• **About this exercise**
Only lines with the word "Pulmonary" are needed; collect each of them from the listing below.

• **Record extracts**
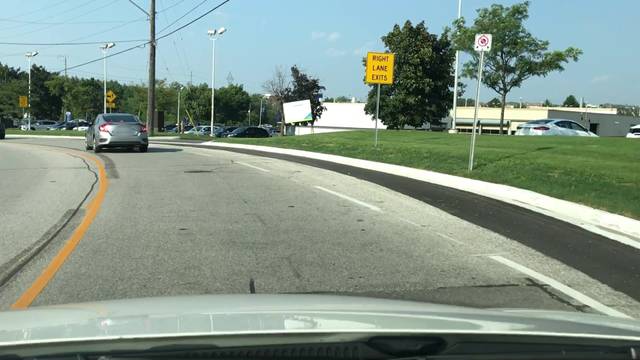
Region: Canada
Coordinates: 44.002, -79.451
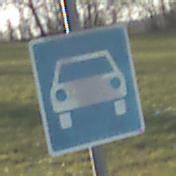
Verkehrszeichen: Kraftfahrstrasse
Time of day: MorningAfternoon
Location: Outdoor (Nature)
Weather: Clear
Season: Winter
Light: Natural
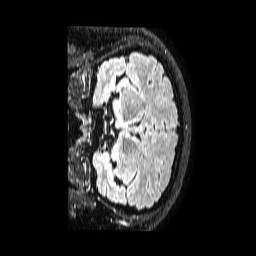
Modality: FLAIR
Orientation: coronal
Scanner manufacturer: philips
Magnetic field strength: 1.5 T
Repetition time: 4.8 s
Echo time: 0.3 s
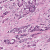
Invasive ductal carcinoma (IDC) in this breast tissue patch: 1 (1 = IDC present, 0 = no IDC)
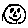
Label: smiley face
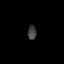
Tissue: prostate
Cell type: Fibroblasts
Senescence score: 0.7381
Nuclear area (px): 120
Mean DAPI intensity: 64.325
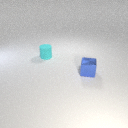
small blue metal cube in front of small cyan rubber cylinder
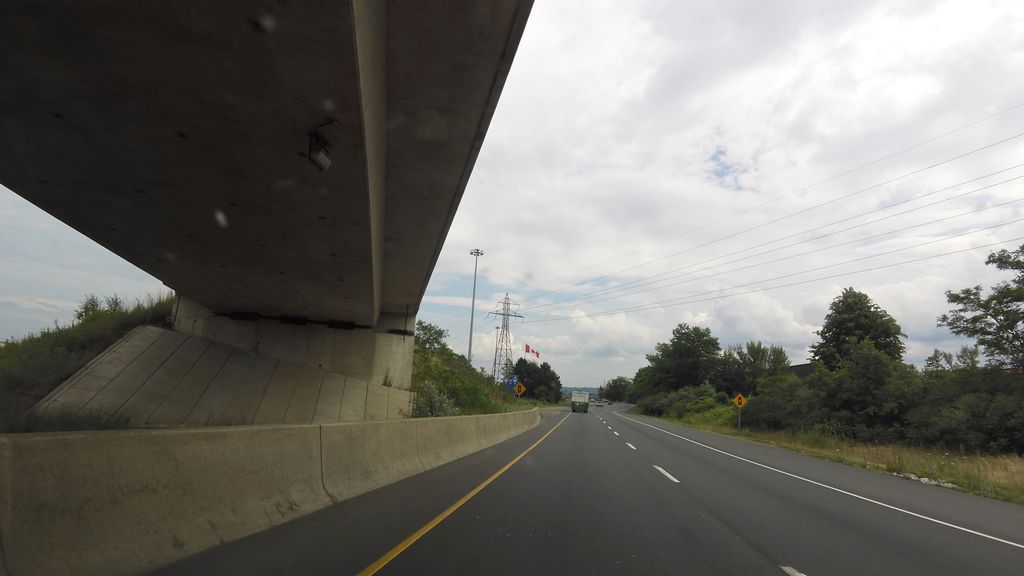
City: hamilton
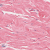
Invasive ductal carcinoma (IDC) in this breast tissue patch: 0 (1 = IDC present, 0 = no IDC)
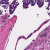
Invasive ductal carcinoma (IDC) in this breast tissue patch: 1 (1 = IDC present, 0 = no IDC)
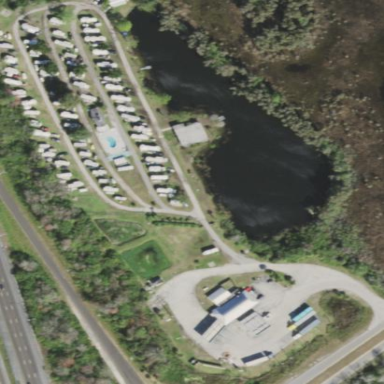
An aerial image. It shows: Caravan site with sanitary dump station for travelers.
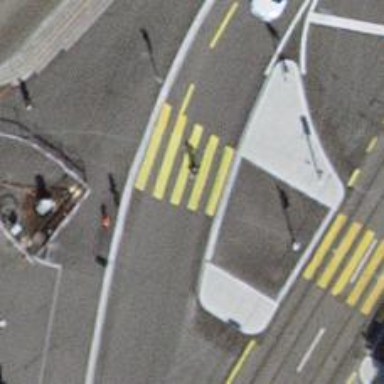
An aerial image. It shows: Uncontrolled zebra crossing with notable zebra markings.
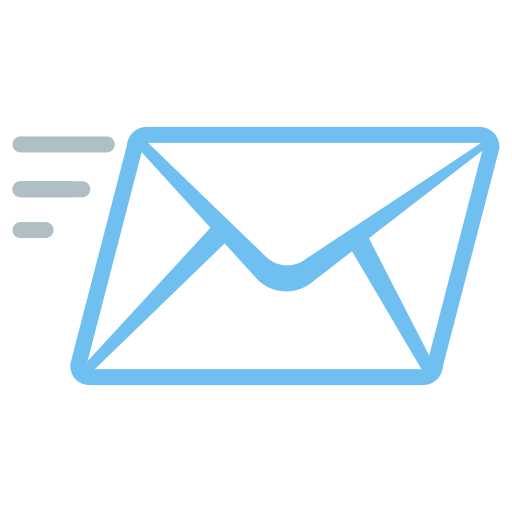
Emoji: 📨
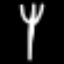
Label: fork
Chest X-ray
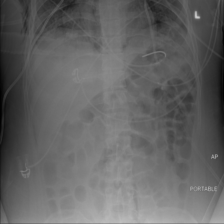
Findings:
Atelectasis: negative
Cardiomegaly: negative
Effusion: negative
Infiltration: negative
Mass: negative
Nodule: negative
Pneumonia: negative
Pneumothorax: negative
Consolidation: negative
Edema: negative
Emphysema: positive
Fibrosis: negative
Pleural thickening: negative
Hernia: negative
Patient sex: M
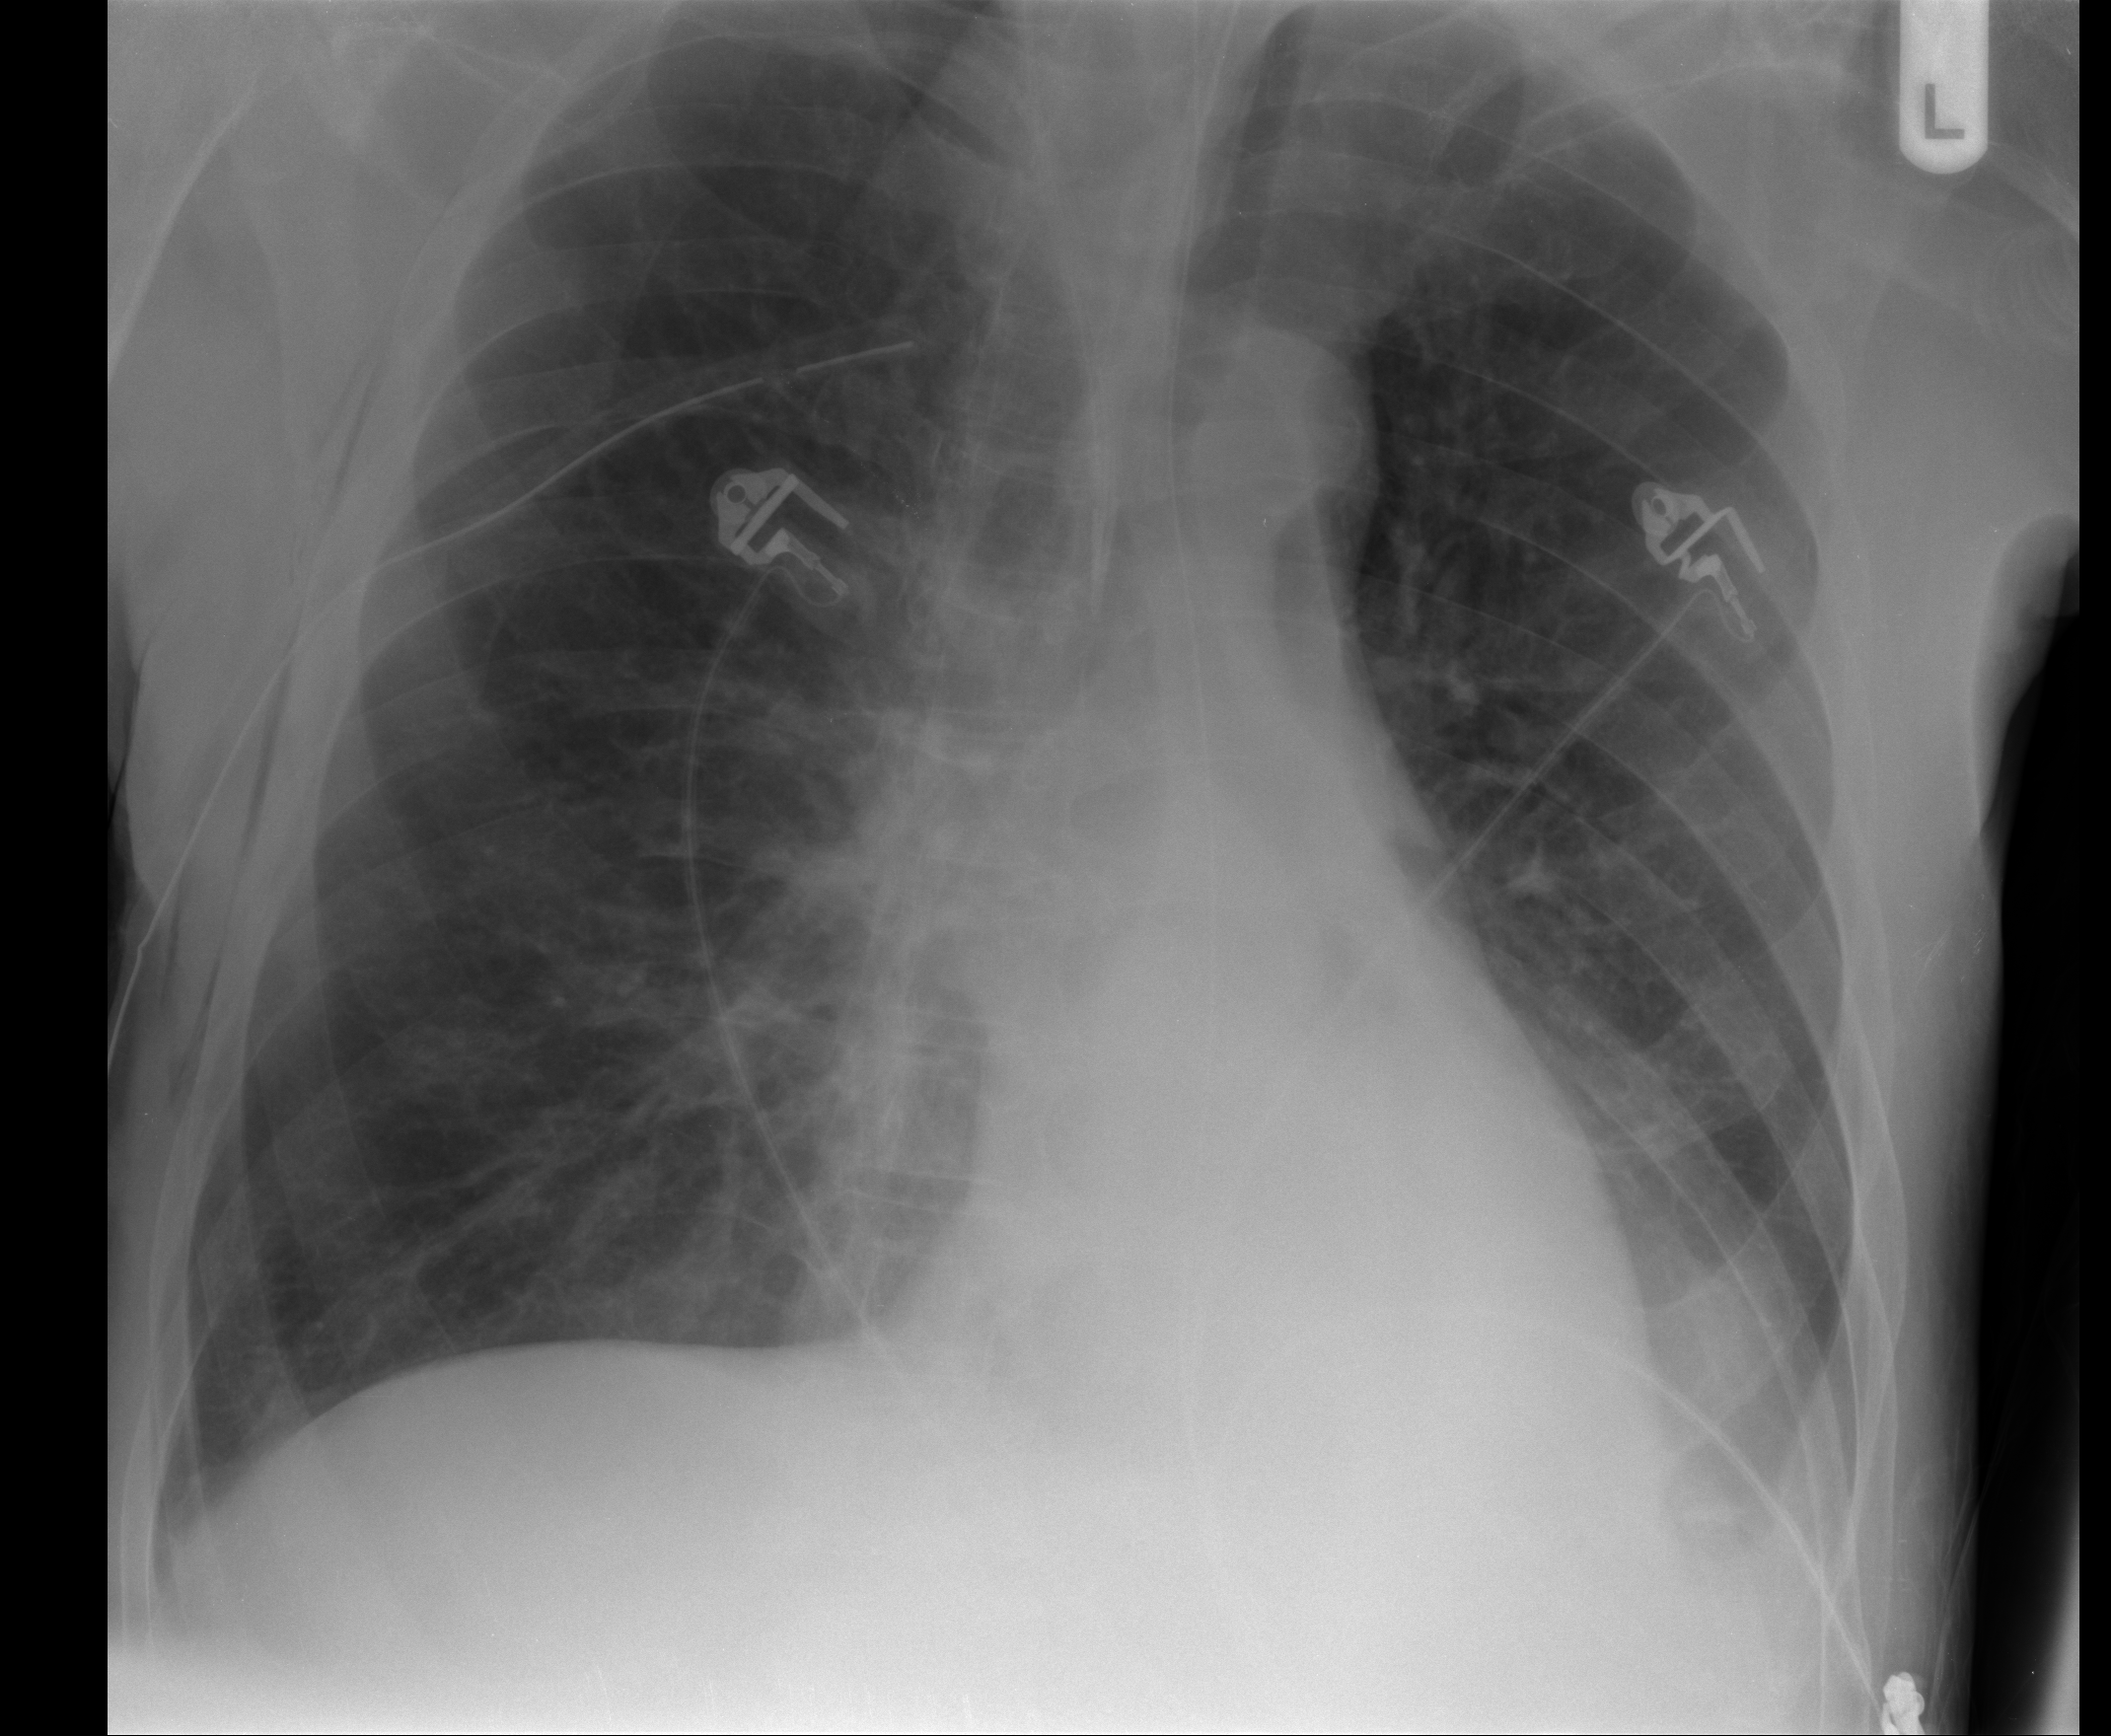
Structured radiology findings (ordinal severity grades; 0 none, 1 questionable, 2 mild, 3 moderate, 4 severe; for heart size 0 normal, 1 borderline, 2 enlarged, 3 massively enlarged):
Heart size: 0
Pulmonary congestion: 0
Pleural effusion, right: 0
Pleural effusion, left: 2
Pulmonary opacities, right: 0
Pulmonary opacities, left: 0
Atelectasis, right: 1
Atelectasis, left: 1
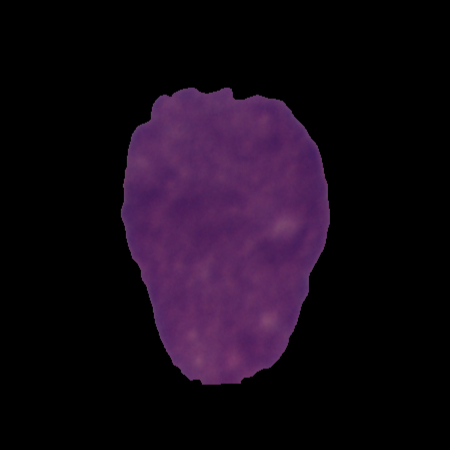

• **Answer to the problem**
Pulmonary congestion: 0
Pulmonary opacities, right: 0
Pulmonary opacities, left: 0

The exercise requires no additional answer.